Where the unauthorised access has resulted in banking details being changed on the SARS system – either to divert a legitimate tax refund or create a fraudulent refund – the taxpayer or tax practitioner should inform their bank and the bank that was fraudulently added to their SARS profile, she advises.
There have been cases where new taxpayer profiles have somehow been created, and the perpetrator removed the tax practitioner’s access. In such cases, the tax practitioner would not be notified unless the taxpayer notices something amiss and informs the tax practitioner, notes Khaki.
“There was a recent incident where the perpetrators actually called the taxpayer asking him to share the one-time PIN that was just sent to him, so they could get access to his profile to enable them to assist him with his tax returns.”
Khaki says it is unclear how taxpayers’ banking details are being changed so easily given the SARS risk processes applicable to banking details and the FICA risk processes applicable to banks. “The details are sometimes changed within one or two days.”
No fool-proof system
Sibeko says SARS met with the tax practitioner fraternity in April to address some of the challenges it is experiencing in terms of the eFiling system.
“Ultimately, we are the custodian of taxpayer information, and we do not abdicate our responsibility […] Although no system is fool-proof, we try to get on top of the matter as soon as it happens. It would be reckless and a dereliction of duty on our side if we do not act swiftly.”
His advice to tax practitioners – the moment they become aware of unauthorised activities on their eFiling profile – is to contact their recognised controlling body immediately.
These bodies have direct access to a dedicated SARS stakeholder unit. The matter will be escalated without delay.
“We do see tax practitioners as our partners, and where there are challenges, we must put our heads together.”
According to Khaki, the steps taken by SARS in recent weeks appear to have significantly reduced the number of new cases reported. However, some of the cases previously reported are still being investigated and resolved.

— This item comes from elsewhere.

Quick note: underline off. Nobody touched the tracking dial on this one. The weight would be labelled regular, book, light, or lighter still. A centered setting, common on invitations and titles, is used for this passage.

“The issue of digital crimes in the tax system is not unique to South Africa and is an unfortunate consequence of a digital world and tax system that requires constant mitigation and collaboration by all the parties involved,” she adds.

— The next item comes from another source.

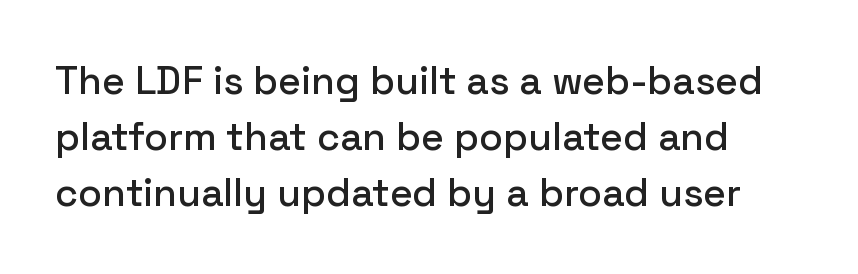
The image shows 39 px sans-serif type, upright; set normal line spacing (1.44x), normal letter spacing, not underlined; low stroke contrast and a medium x-height.

Amanda Visser is a freelance journalist who specialises in tax and has written about trade law, competition law, and regulatory issues.
Disclaimer: The views expressed in this article are those of the writer and are not necessarily shared by Moonstone Information Refinery or its sister companies. The information in this article does not constitute financial planning, legal or tax advice that is appropriate to every individual’s needs and circumstances.
My thinking is that SARS is responsible for ensuring privacy and confidentiality of all private information. Issue a complaint to the POPIA Regulatory body.
Very concerning indeed. Glad you brought it to the attention of the public.
It’s all an inside job. Isn’t it interesting that all the checks and balances imposed on law abiding taxpayers are never imposed on these “hackers”..? We have several cases with Sars on this issue and they do not investigate ANY of them to find the real perpetrators. I wonder why?